You pass by the Torre del Sol (Tower of the Sun), which casts its shadow across the plaza outside the attraction, and enter the dimly-lit Castillo del Morro, which is based on Castillo de San Filipe del Morro, the historic fortress in San Juan, Pureto Rico. Once inside, you wind your way through and past the different chambers of the fort. The highlight for me has always been the dungeon room hosting two chess-playing skeletons who will forever be locked in a stalemate. This scene was created by legendary Disney imagineer Marc Davis.The positions of the pieces on the chess board he'd created was nearly lost during the last rehabilitation of the ride, but an imagineer located Davis’s original notes and managed to recreate the chess game. After walking through the creepy, dungeon-like fort, you board a boat for your cruise through the pirates' world. And while the attraction inspired the movies, the movies have now inspired the ride--characters from the movies have been added in to the original attraction, so you get to see Captains Jack Sparrow and Barbossa along the way.Finally, if you really want to find your inner pirate at Walt Disney World, for the small fee of $29.95 you can sign up to become a member of the Pirate’s League. Budding pirates can choose from six different makeup designs, including one for lady pirates, and leave their everyday identities behind. Pirates-in-training are renamed with a special pirate name that is based on their birthday. Next their choice of makeup is applied, the new pirate takes the Pirate Oath, and is welcomed by all of the pirates in the League. Lots of pirate goodies, including an eye patch, bandana, sword, and pirate necklace are gifted to the new pirate. Finally, the new pirate gets to visit the Treasure Room. I would tell you what’s inside, but I’d be breaking my pirate oath if I did! This experience is offered to both adults and children above the age of three. They also have the option of purchasing their pirate photo for $14.95. The new pirates are invited to a special Adventureland Pirate Parade at 4:00 pm every day, departing from the Pirate’s League.

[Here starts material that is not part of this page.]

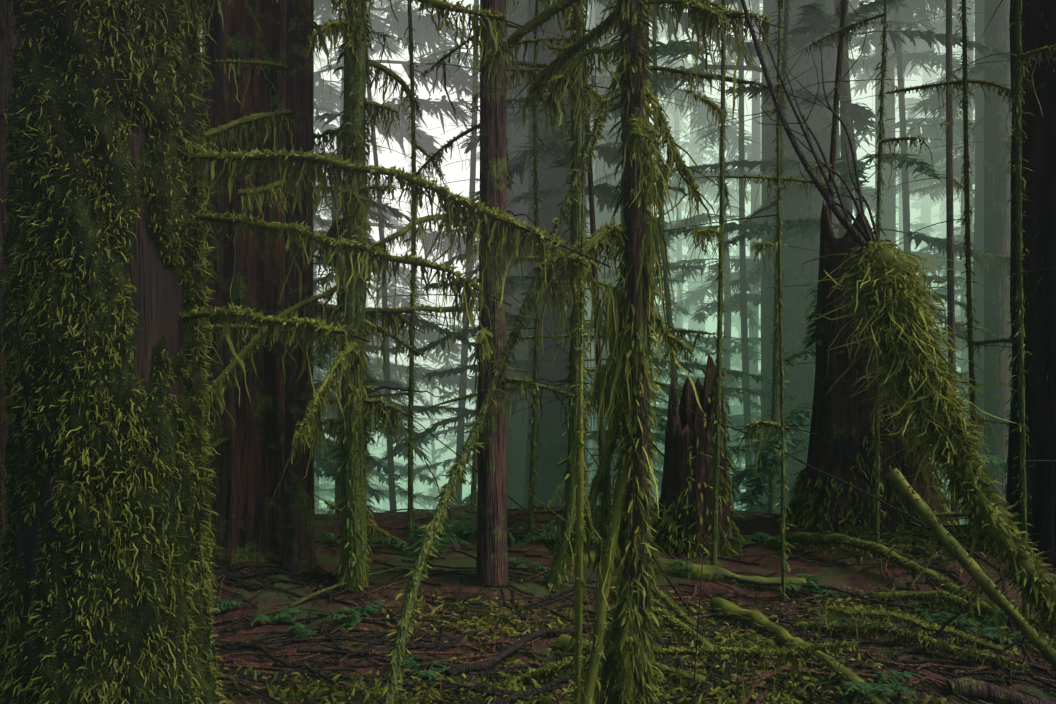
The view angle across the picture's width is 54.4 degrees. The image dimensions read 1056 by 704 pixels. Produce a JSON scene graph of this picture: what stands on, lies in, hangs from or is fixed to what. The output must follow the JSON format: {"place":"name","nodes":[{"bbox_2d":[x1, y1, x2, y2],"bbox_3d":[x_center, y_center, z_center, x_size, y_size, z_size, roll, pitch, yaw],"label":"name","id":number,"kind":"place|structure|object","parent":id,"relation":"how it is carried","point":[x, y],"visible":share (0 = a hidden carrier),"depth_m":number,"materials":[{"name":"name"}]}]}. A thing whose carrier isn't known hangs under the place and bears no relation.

At Walt Disney World there are several other ways to find your inner pirate. Outside the Pirates of the Caribbean ride, Jack Sparrow and a helpful crewmember can be found hunting for recruits, several times a day. Children can volunteer to join up and participate in on-stage antics with Captain Jack. Grown ups are of course welcome to watch and audience participation is encouraged if not commanded. This is a great photo opportunity and lots of fun.
While you are waiting to join the Captain’s Crew you can have lunch at a pirate -themed restaurant, Tortuga Tavern, which is named after the island of ill repute that appears in the movie. The menu is decidedly Tex-Mex and you can grab a burrito or some nachos to keep up your pirate strength. Tortuga Tavern replaced El Pirata y El Perico last year, though mostly it was the name that changed.

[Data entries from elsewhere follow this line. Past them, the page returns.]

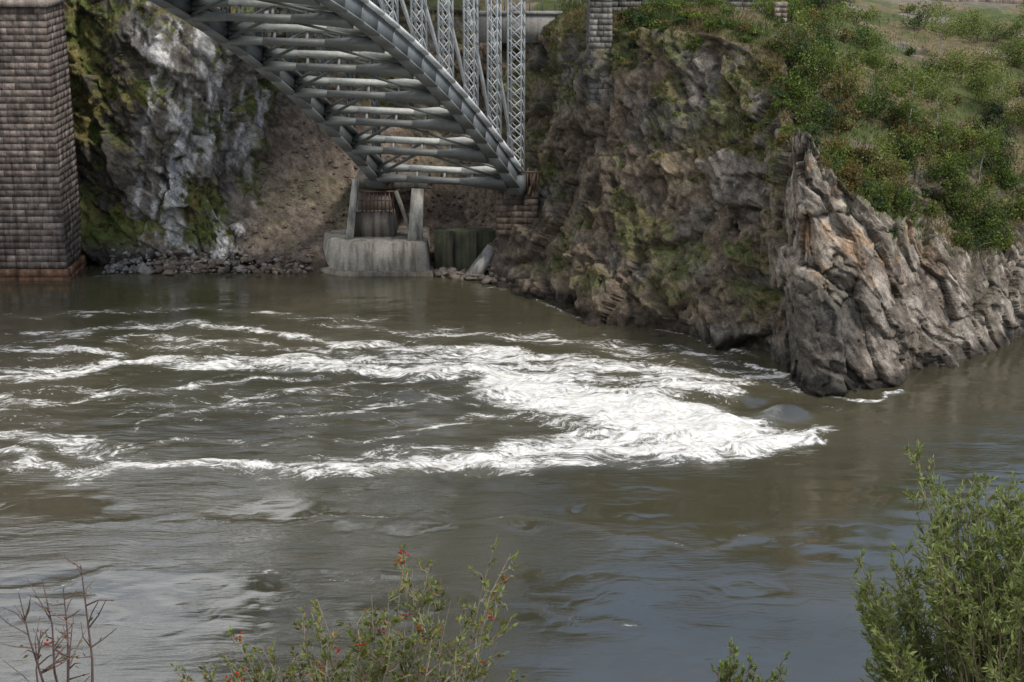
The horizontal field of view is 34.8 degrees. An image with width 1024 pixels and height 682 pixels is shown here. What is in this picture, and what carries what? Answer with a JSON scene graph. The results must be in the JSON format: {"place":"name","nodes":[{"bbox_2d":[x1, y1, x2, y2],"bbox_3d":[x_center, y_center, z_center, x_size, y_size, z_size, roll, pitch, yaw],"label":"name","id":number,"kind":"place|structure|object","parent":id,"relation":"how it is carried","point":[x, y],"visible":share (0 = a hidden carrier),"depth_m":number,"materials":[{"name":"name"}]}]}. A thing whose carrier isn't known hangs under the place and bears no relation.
{"place":"outdoors","nodes":[
{"label":"outdoors","id":0,"kind":"place"},
{"bbox_2d":[0,264,1023,681],"bbox_3d":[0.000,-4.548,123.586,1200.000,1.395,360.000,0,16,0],"label":"river water","id":1,"kind":"structure","parent":0,"point":[194,466],"depth_m":83.90,"materials":[{"name":"brown liquid"}]},
{"bbox_2d":[64,0,1023,396],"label":"rocky cliff terrain","id":2,"kind":"structure","parent":0,"point":[858,292],"depth_m":116.18,"materials":[{"name":"grey stone"}]},
{"bbox_2d":[0,0,87,280],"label":"stone bridge pier","id":3,"kind":"structure","parent":2,"relation":"on","point":[40,223],"depth_m":122.26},
{"bbox_2d":[102,246,510,284],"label":"shoreline boulders","id":4,"kind":"object","parent":2,"relation":"on","point":[172,265],"visible":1,"depth_m":126.61,"materials":[{"name":"grey stone"}]},
{"bbox_2d":[243,114,499,276],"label":"scree stones","id":5,"kind":"object","parent":2,"relation":"on","point":[476,213],"visible":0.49,"depth_m":131.38,"materials":[{"name":"stone"}]},
{"bbox_2d":[320,170,538,275],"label":"concrete abutment","id":6,"kind":"object","parent":2,"relation":"on","point":[374,238],"visible":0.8,"depth_m":126.10,"materials":[{"name":"concrete"}]},
{"bbox_2d":[148,0,537,196],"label":"steel arch bridge","id":7,"kind":"structure","parent":6,"relation":"on","point":[372,30],"depth_m":110.79,"materials":[{"name":"grey metal"}]},
{"bbox_2d":[77,0,799,246],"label":"cliff grass","id":8,"kind":"structure","parent":2,"relation":"on","point":[663,155],"depth_m":117.19,"materials":[{"name":"green plant"}]},
{"bbox_2d":[87,2,908,311],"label":"cliff ferns","id":9,"kind":"object","parent":2,"relation":"on","point":[619,192],"visible":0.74,"depth_m":114.11,"materials":[{"name":"green plant"}]},
{"bbox_2d":[475,11,567,42],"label":"wall","id":10,"kind":"structure","parent":2,"relation":"on","point":[536,22],"depth_m":129.32,"materials":[{"name":"concrete"}]},
{"bbox_2d":[479,0,580,10],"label":"railing","id":11,"kind":"object","parent":10,"relation":"on","point":[529,4],"visible":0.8,"depth_m":129.05,"materials":[{"name":"metal"}]},
{"bbox_2d":[586,0,612,116],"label":"stone pillar","id":12,"kind":"object","parent":2,"relation":"on","point":[599,18],"visible":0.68,"depth_m":117.94,"materials":[{"name":"grey stone"}]},
{"bbox_2d":[612,0,768,11],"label":"wall run","id":13,"kind":"structure","parent":2,"relation":"on","point":[618,5],"depth_m":123.25,"materials":[{"name":"grey stone"}]},
{"bbox_2d":[773,2,787,25],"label":"end pillar","id":14,"kind":"structure","parent":2,"relation":"on","point":[780,9],"depth_m":115.66,"materials":[{"name":"grey stone"}]},
{"bbox_2d":[558,0,1023,259],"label":"hillside grass","id":15,"kind":"structure","parent":2,"relation":"on","point":[573,6],"depth_m":111.96,"materials":[{"name":"green plant"}]},
{"bbox_2d":[616,0,1023,255],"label":"hillside shrubs","id":16,"kind":"object","parent":2,"relation":"on","point":[804,44],"visible":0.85,"depth_m":109.53,"materials":[{"name":"green plant"}]},
{"bbox_2d":[853,44,898,93],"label":"birch tree","id":17,"kind":"object","parent":2,"relation":"on","point":[875,61],"visible":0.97,"depth_m":110.73,"materials":[{"name":"green plant"}]},
{"bbox_2d":[889,60,942,136],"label":"birch tree","id":18,"kind":"object","parent":2,"relation":"on","point":[914,94],"visible":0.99,"depth_m":108.93,"materials":[{"name":"green plant"}]},
{"bbox_2d":[920,65,959,125],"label":"birch tree","id":19,"kind":"object","parent":2,"relation":"on","point":[939,104],"visible":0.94,"depth_m":112.17,"materials":[{"name":"green plant"}]},
{"bbox_2d":[918,0,966,56],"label":"birch tree","id":20,"kind":"object","parent":2,"relation":"on","point":[943,28],"visible":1,"depth_m":128.88,"materials":[{"name":"green plant"}]},
{"bbox_2d":[939,0,1023,3],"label":"roadside barrier","id":21,"kind":"object","parent":2,"relation":"on","point":[1007,1],"depth_m":153.18,"materials":[{"name":"concrete"}]},
{"bbox_2d":[960,118,1009,179],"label":"birch tree","id":22,"kind":"object","parent":2,"relation":"on","point":[989,137],"visible":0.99,"depth_m":109.43,"materials":[{"name":"green plant"}]},
{"bbox_2d":[968,99,1019,142],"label":"juniper tree","id":23,"kind":"object","parent":2,"relation":"on","point":[996,110],"visible":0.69,"depth_m":113.27,"materials":[{"name":"green plant"}]},
{"bbox_2d":[980,55,1023,106],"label":"birch tree","id":24,"kind":"object","parent":2,"relation":"on","point":[998,77],"visible":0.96,"depth_m":118.26,"materials":[{"name":"green plant"}]},
{"bbox_2d":[1012,2,1023,36],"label":"birch tree","id":25,"kind":"object","parent":2,"relation":"on","point":[1020,19],"visible":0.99,"depth_m":131.98,"materials":[{"name":"green plant"}]},
{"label":"near riverbank","id":26,"kind":"object","parent":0,"visible":0},
{"bbox_2d":[0,550,116,681],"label":"bare shrub","id":27,"kind":"object","parent":26,"relation":"on","point":[54,649],"visible":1,"depth_m":13.22,"materials":[{"name":"brown plant"}]},
{"bbox_2d":[170,534,526,681],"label":"rowan shrub","id":28,"kind":"object","parent":26,"relation":"on","point":[380,672],"visible":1,"depth_m":13.20,"materials":[{"name":"green plant"}]},
{"bbox_2d":[711,637,791,681],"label":"alder sapling","id":29,"kind":"object","parent":26,"relation":"on","point":[730,667],"visible":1,"depth_m":13.36,"materials":[{"name":"green plant"}]},
{"bbox_2d":[849,440,1023,681],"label":"willow shrub","id":30,"kind":"object","parent":26,"relation":"on","point":[974,653],"visible":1,"depth_m":14.11,"materials":[{"name":"green plant"}]}
]}

Over on the West Coast at Disneyland Park, the pirate experience is a little bit different. The Pirates of the Caribbean ride is located in New Orleans Square. This is the original version of the ride, and for my money is far superior to the version at Walt Disney World. The attraction begins in Lafitte’s Landing, named for famed pirate/privateer Jean Lafitte, who I’ve already mentioned is near and dear to the soul of New Orleans residents. As you board your boat and the ride begins, those who are familiar with the Walt Disney World version will be in an entirely new experience, drifting past wooden houseboats, fire flies, and an overall ambiance reminiscent of the Louisiana bayous at dusk. The two versions then have many scenes in common, but there is a whole section that was not included in the Disney World version of the ride. On a recent visit I rode over and over, just to photograph the scenes that are different.

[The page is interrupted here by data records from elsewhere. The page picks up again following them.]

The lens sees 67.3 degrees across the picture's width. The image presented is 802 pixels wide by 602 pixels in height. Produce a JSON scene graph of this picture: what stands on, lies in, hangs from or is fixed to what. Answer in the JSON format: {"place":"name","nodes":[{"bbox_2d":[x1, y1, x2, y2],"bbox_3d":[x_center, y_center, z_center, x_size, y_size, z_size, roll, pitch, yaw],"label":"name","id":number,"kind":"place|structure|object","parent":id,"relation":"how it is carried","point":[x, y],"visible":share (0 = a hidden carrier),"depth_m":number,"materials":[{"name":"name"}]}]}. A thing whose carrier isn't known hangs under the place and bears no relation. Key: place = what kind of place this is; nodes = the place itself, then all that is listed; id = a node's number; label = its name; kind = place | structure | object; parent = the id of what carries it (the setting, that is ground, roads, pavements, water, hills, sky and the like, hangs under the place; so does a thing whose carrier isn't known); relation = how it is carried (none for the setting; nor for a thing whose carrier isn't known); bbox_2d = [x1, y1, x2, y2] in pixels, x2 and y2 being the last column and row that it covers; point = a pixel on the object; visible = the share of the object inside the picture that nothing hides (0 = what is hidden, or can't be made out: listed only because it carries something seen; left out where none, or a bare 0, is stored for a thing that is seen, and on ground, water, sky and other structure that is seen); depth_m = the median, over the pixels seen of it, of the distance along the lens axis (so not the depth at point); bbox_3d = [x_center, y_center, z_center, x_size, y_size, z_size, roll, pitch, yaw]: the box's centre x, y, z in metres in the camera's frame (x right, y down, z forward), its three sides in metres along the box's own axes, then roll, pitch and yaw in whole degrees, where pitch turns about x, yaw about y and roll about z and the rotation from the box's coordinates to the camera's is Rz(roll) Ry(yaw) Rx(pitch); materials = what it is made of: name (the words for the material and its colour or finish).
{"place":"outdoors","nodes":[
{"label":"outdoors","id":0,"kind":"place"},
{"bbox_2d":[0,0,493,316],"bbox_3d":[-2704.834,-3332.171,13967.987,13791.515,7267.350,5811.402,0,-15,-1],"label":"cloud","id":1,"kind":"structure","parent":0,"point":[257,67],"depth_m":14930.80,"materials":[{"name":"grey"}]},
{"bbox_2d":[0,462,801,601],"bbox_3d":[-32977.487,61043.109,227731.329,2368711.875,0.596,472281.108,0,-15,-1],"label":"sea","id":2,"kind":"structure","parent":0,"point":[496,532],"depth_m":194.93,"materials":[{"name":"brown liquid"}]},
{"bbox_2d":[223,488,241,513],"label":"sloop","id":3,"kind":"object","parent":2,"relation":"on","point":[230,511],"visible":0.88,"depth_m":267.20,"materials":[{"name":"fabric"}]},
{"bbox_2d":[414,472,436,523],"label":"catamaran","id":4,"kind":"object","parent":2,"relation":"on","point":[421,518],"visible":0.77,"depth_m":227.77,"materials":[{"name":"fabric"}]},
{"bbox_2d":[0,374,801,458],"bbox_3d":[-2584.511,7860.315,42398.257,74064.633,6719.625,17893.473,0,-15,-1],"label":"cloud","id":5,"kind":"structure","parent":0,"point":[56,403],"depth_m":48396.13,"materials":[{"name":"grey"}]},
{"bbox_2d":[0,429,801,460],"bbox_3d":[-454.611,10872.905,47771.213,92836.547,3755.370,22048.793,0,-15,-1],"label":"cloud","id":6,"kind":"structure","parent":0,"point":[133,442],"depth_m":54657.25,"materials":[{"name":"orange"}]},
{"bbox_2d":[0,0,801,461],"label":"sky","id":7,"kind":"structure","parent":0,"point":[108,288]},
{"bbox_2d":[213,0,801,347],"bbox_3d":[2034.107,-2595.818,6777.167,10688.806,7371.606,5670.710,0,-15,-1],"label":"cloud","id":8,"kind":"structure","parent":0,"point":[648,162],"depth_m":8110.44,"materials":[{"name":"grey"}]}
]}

Disneyland also boasts a sit-down restaurant that will help you get in the mood to be a New Orleans pirate. Blue Bayou stands on the very edge of the Pirates of the Caribbean bayou, and you can watch the ride boats (and their passengers) floating along before they plunge deeper into the attraction. The Blue Bayou menu is based on the food of Southeast Louisiana, and every meal comes with a cup of gumbo (unless you'd prefer a salad). Also on offer are specialties like jambalaya and macque choux. The ambience resembles what you’d find sitting on someone’s porch at dusk, out on a Louisiana bayou.
Also at Disneyland you will find that Tom Sawyer’s Island has gained some pirate influence. The fort on the island has become the Pirate’s Lair. You’ll find some familiar names here as well; Smuggler’s Cove, Dead Man’s Grotto, and Will Turner’s Blacksmith Shop. There’s a shipwreck to explore, and once again Jean Lafitte is referenced, this time in Lafitte’s Tavern, where the Bootstrappers might be performing pirate tunes.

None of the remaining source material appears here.